- Born: Leif Bøving Hendil 7 December 1898
- Died: 20 June 1961 (aged 62)
- Occupations: Journalist, editor-in-chief
- Known for: Rescuing 1,888 Danish Jews and Refugees via his Danish-Swedish Refugee Service

= Leif B. Hendil =

Danish journalist (1898–1961)

Leif Bøving Hendil (7 December 1898 – 20 June 1961) was a Danish journalist responsible for safely transporting 1,888 Jewish–Danish refugees from Denmark to Sweden during the Second World War.

A journalist and editor-in-chief, he was a member of the Overseas Writing Club and presented a Dane ax to General George C. Marshall in 1949. He wrote the book Island: en del af Norden (Iceland: part of the Nordic region), published in 1952.

==Personal life and career==
Leif Bøving Hendil was born on 7 December 1898. Hendil was hired at Ekstra Bladet in Copenhagen in 1925. He became its commercial editor in 1933 and editor-in-chief after the war. Hendil retired in 1958.

He lived in Copenhagen, and a summer residence in Snekkersten, Denmark. He lived in Malmö, Sweden during the war. Hendil died on 20 June 1961.

==World War II==

Hendil helped friends leave Denmark for Sweden. In the autumn of 1943, Hendil left Denmark for the neutral country.

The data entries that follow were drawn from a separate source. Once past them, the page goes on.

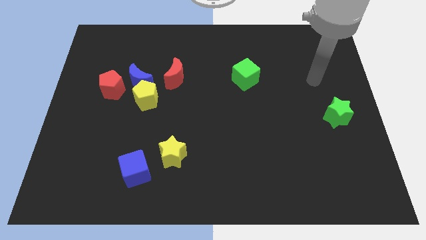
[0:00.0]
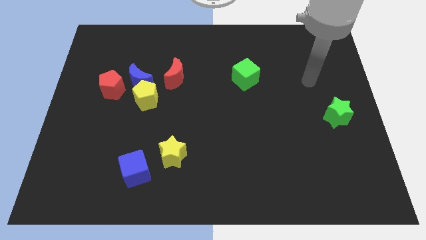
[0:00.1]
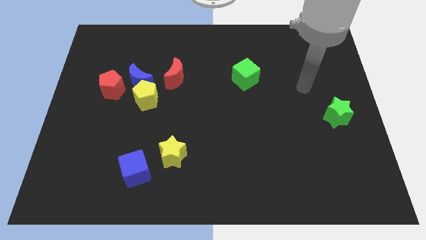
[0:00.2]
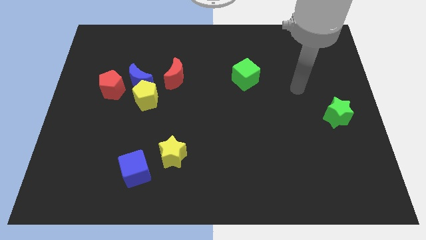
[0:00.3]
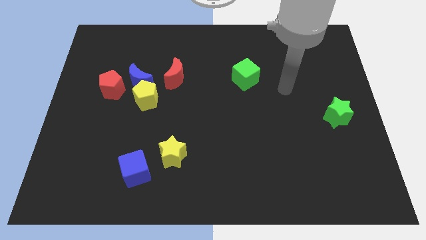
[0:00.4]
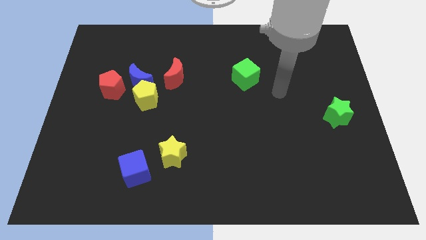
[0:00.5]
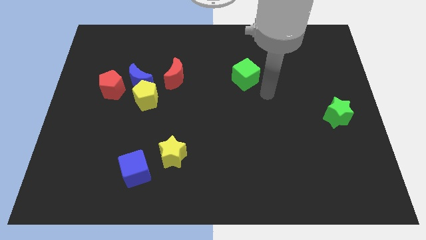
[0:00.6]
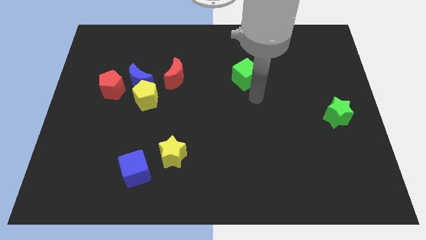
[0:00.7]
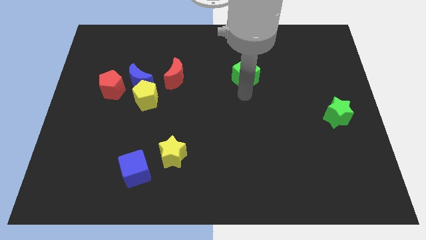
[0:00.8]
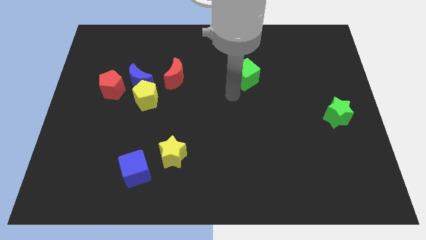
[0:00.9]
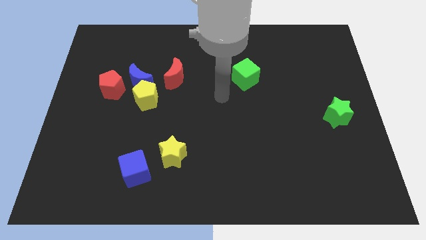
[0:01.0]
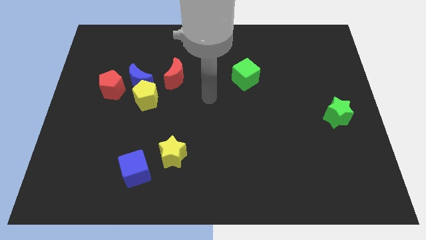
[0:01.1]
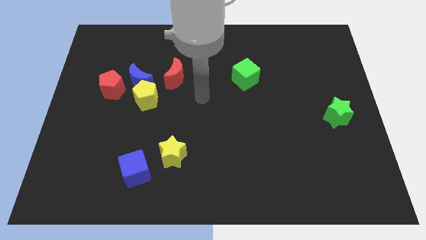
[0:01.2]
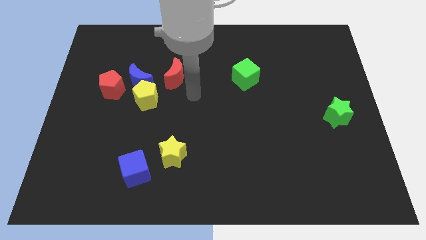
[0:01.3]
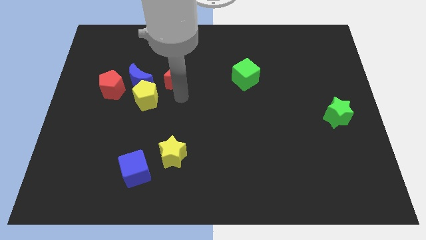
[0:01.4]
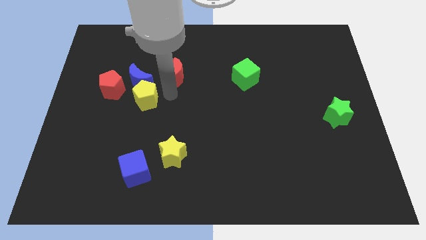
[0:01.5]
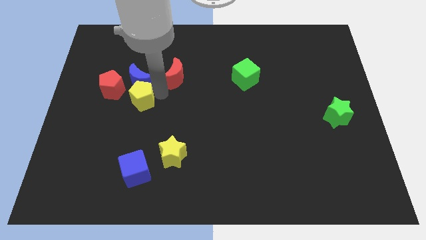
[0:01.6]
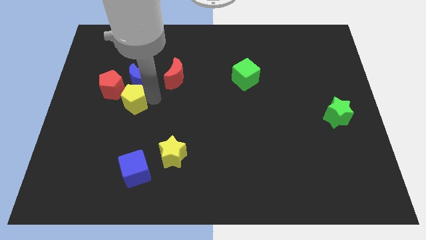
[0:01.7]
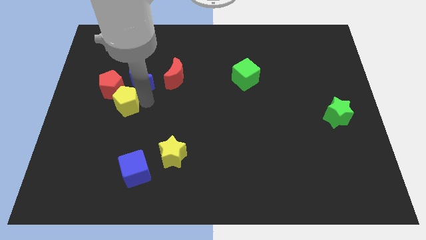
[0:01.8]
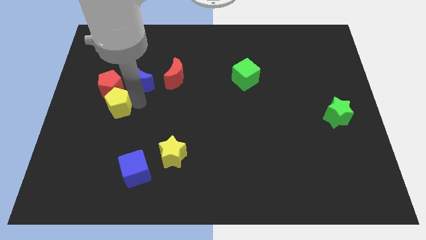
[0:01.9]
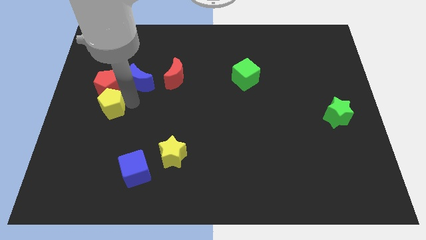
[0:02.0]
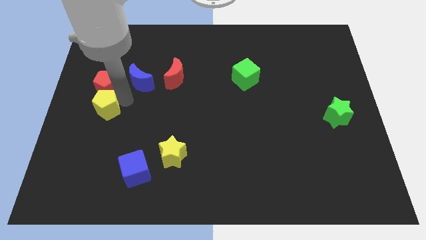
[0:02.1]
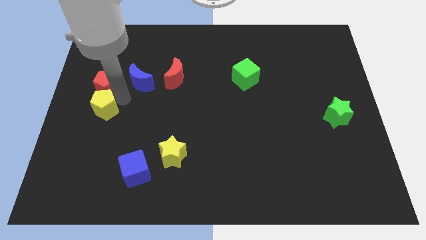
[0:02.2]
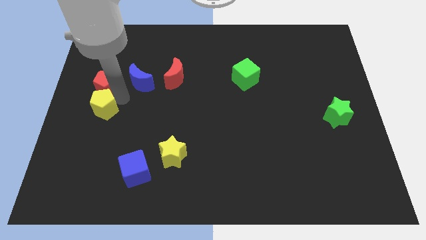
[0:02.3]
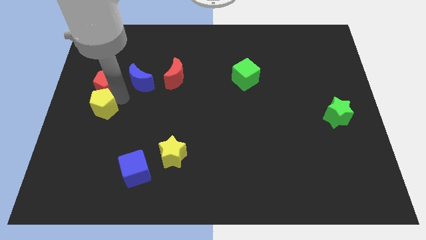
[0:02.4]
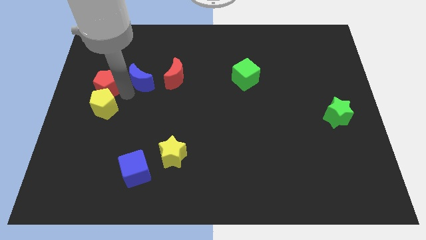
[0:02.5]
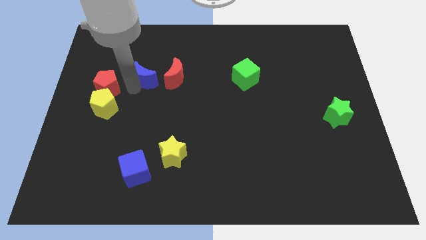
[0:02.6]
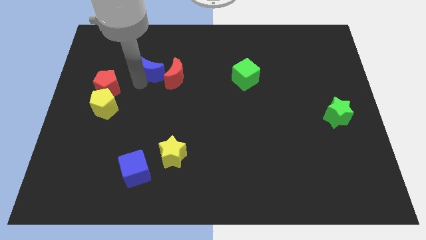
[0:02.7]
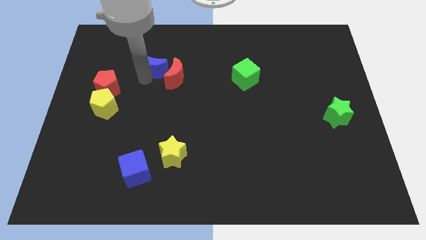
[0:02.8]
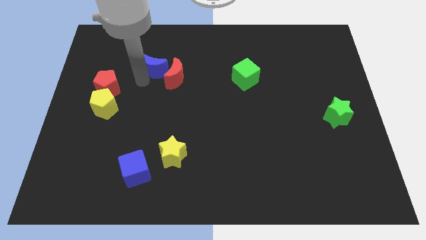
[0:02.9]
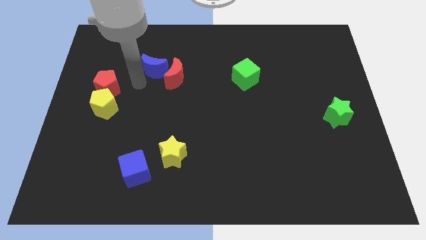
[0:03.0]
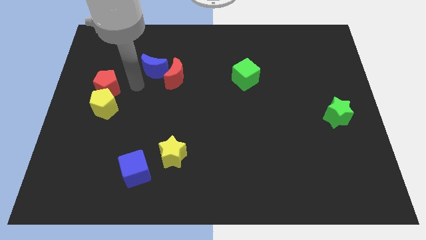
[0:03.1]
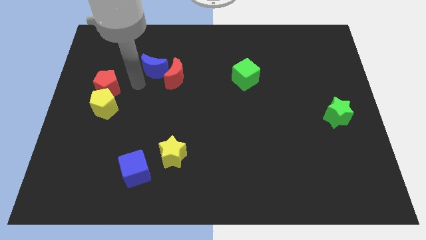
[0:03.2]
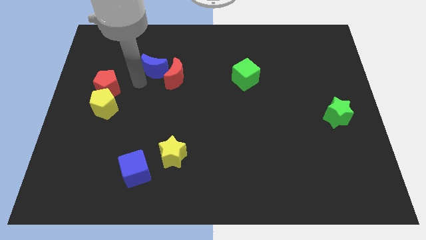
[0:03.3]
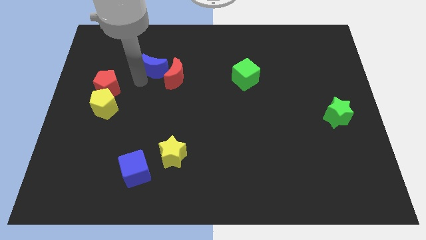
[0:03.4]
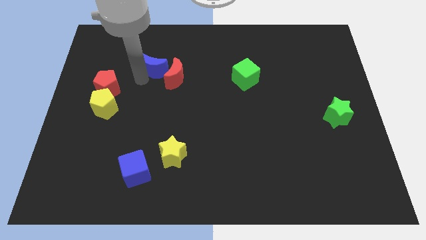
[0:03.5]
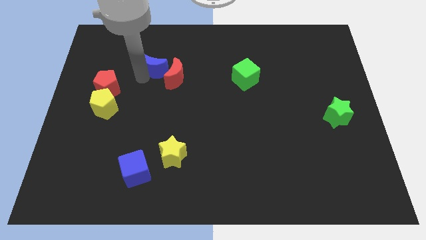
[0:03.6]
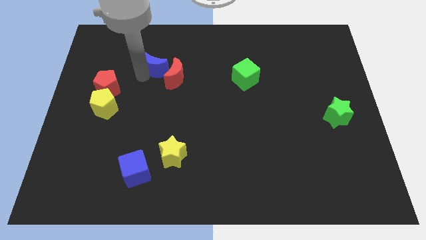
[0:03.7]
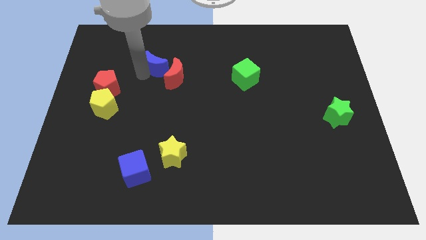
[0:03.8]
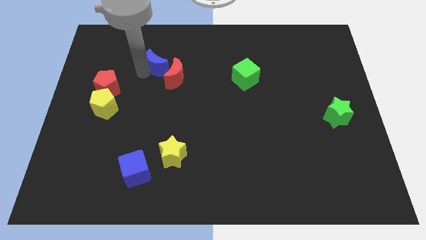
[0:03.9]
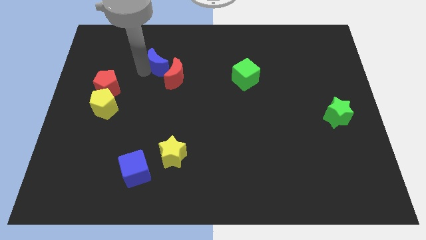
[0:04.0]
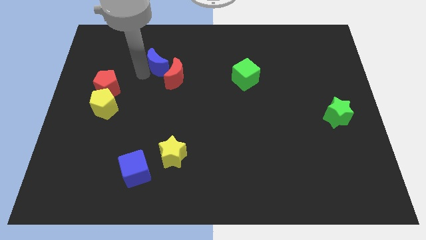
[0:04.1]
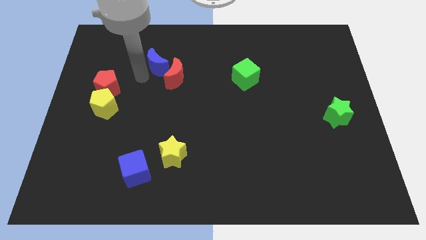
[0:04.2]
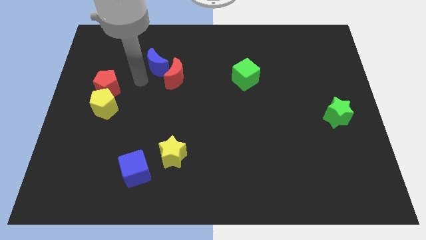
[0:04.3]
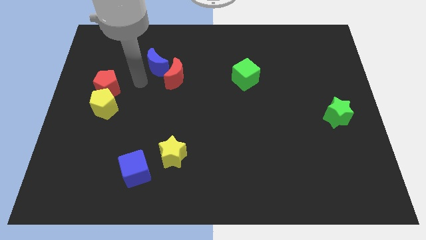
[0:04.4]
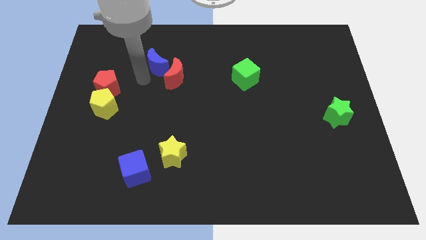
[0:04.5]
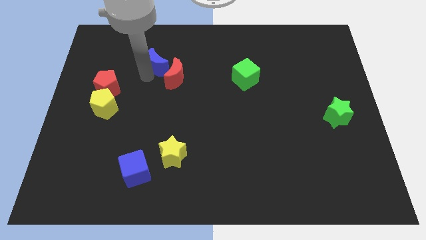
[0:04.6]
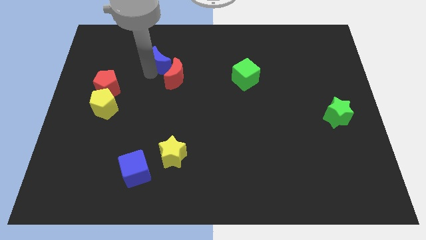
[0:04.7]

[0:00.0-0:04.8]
pull the blue moon apart from the group

After 29 Aug. 1943 (when information began to be circulated that the Nazi Germans were going to deport all Danish Jews on 1 and 2 October), Hendil began to plan for routes to transport Danish refugees to Sweden. Coordinated with an innkeeper named Thomsen at Snekkersten Kro (Snekkersten Inn), 50 people were taken to Sweden. In Sweden, he planned the logistics of bringing Danish Jews to Sweden with Ebbe Munck and Swedish Jewish leaders. Hendil agreed to develop the routes and means to transport people for over SEK 160,000. (Note: Munck coordinated funds throughout the war. Refugees provided IOUs for the cost of transit, which were repaid after the war.) He headquartered his organization Dansk-Swedish Refugee Service (Danish-Swedish Refugee Service), at the Hotel Adlon in Malmö, where people traveled in one of three initial boats, one named Julius, that would take them between Denmark and Sweden. He initially had six employees who ran the boats. He collaborated with Robert Jensen ("Tom"), a radio dealer in Copenhagen, to transport people to and from the embarkation points.

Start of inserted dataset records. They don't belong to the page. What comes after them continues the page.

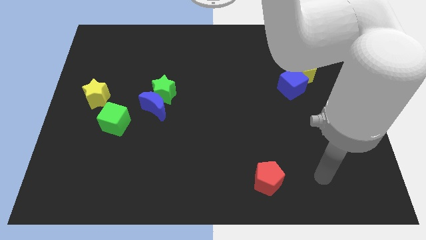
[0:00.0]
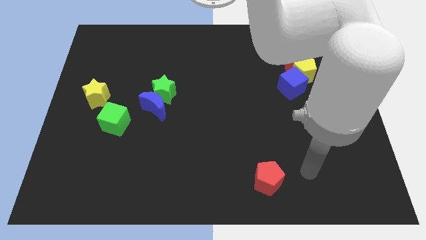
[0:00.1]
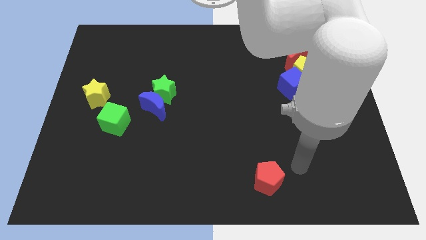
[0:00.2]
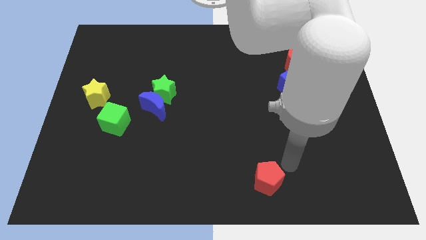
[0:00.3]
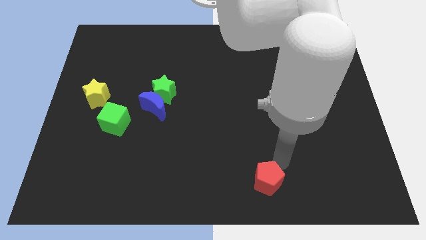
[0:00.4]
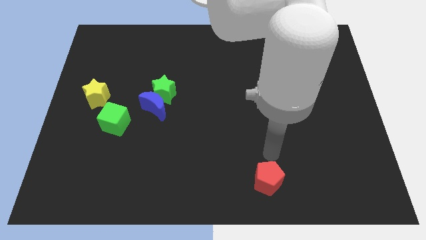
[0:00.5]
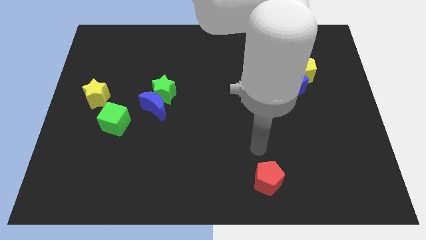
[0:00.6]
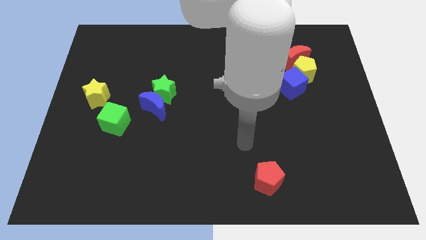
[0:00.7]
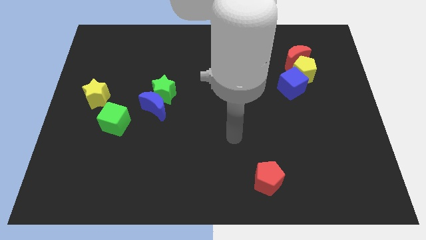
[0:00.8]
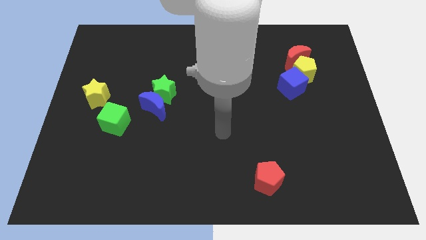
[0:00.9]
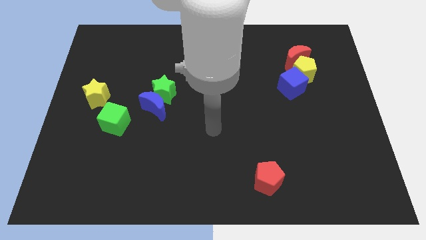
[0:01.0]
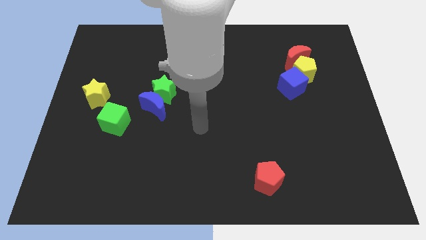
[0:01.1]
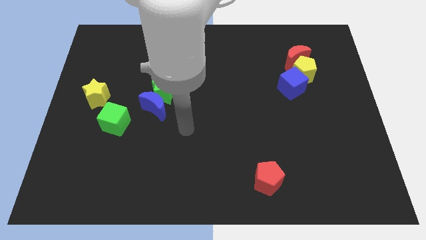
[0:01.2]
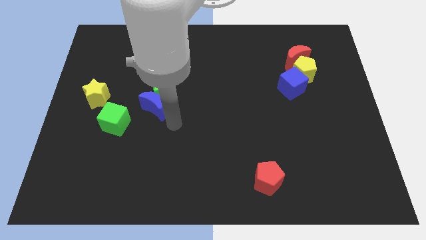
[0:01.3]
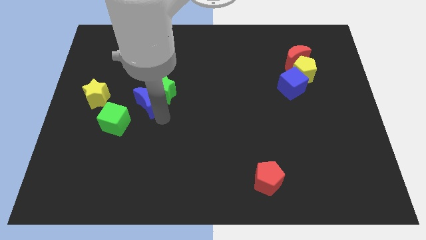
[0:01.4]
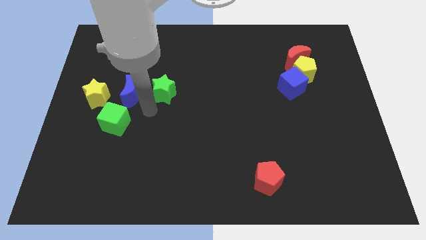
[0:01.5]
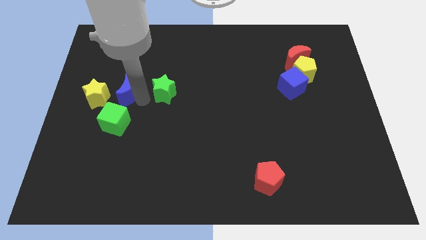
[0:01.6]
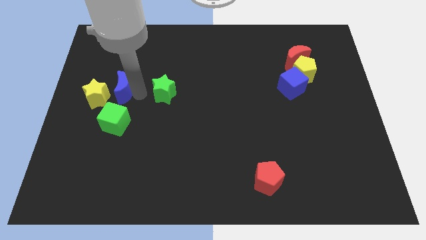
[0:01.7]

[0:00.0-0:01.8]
pull the green star apart from the blue moon

Hendil's vessels also transported children, school books, and Bibles, as well as weapons, money, and mail.

There were several methods and embarkation points used to ensure the safety of the passengers; one was,

During the boats' first busy period, when the Jews were being sped to Sweden, passengers had to embark in the daytime in Copenhagen's busiest harbours. The Germans hired civilian informers to watch the boats, but the Danes contrived to fool them. When the boats were docked, Danes streamed steadily on and off them, so that no matter how carefully the spies watched, they could never keep an accurate count of how many people remained aboard. Secret passenger compartments in many of the larger trawlers and coasters took hours for the Germans to find, so they began using search dogs.

Hendil had a powder of cocaine and dried blood made to make the dogs ineffective. The captains of the boats would blow their nose and shake out their handkerchiefs, spreading the powder, which stymied the dog's ability to locate people.

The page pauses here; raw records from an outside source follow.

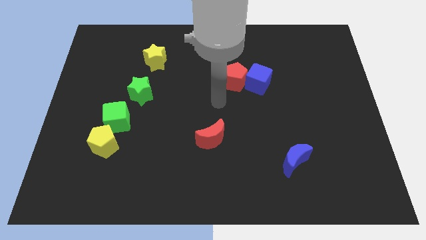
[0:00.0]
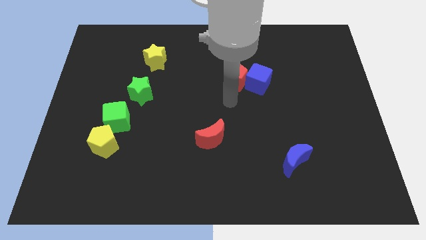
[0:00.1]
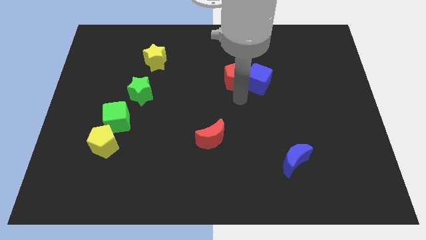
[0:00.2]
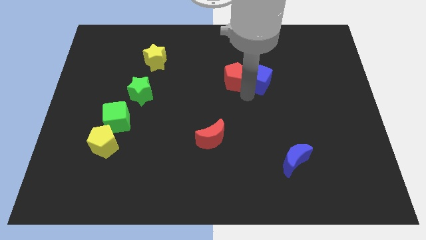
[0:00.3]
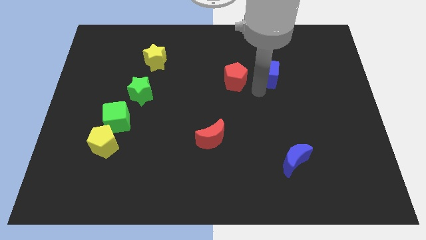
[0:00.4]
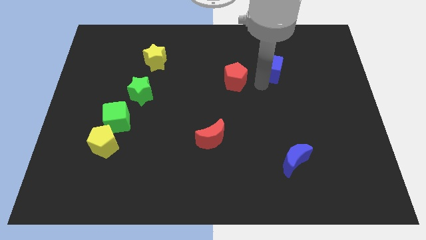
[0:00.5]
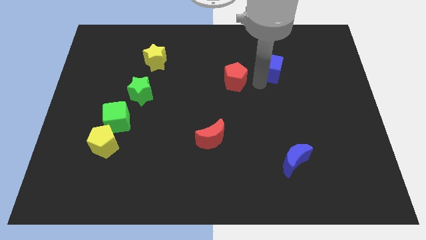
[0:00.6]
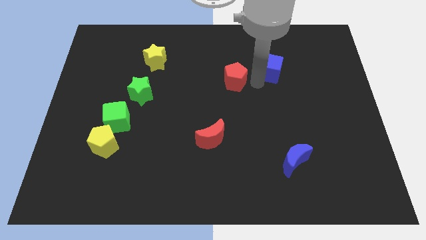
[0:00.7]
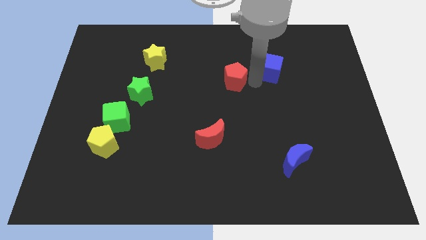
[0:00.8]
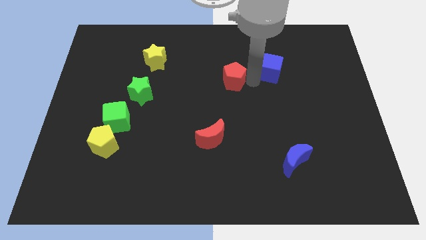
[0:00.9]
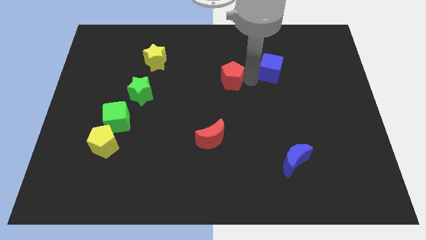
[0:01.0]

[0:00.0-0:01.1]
separate the red pentagon from the blue cube

The logistics changed after the "Julius Affair" on 11 December 1943 when a German patrol boat interfered with a slow-moving boat. Swedish and Danish boats then met at pre-arranged positions in Øresund, exchanging passengers and mail. As Nazi Germany increased its presence, the ferry service operated out of fishing villages, like Klintholm Havn, further from Sweden. It was a longer but safer boat ride.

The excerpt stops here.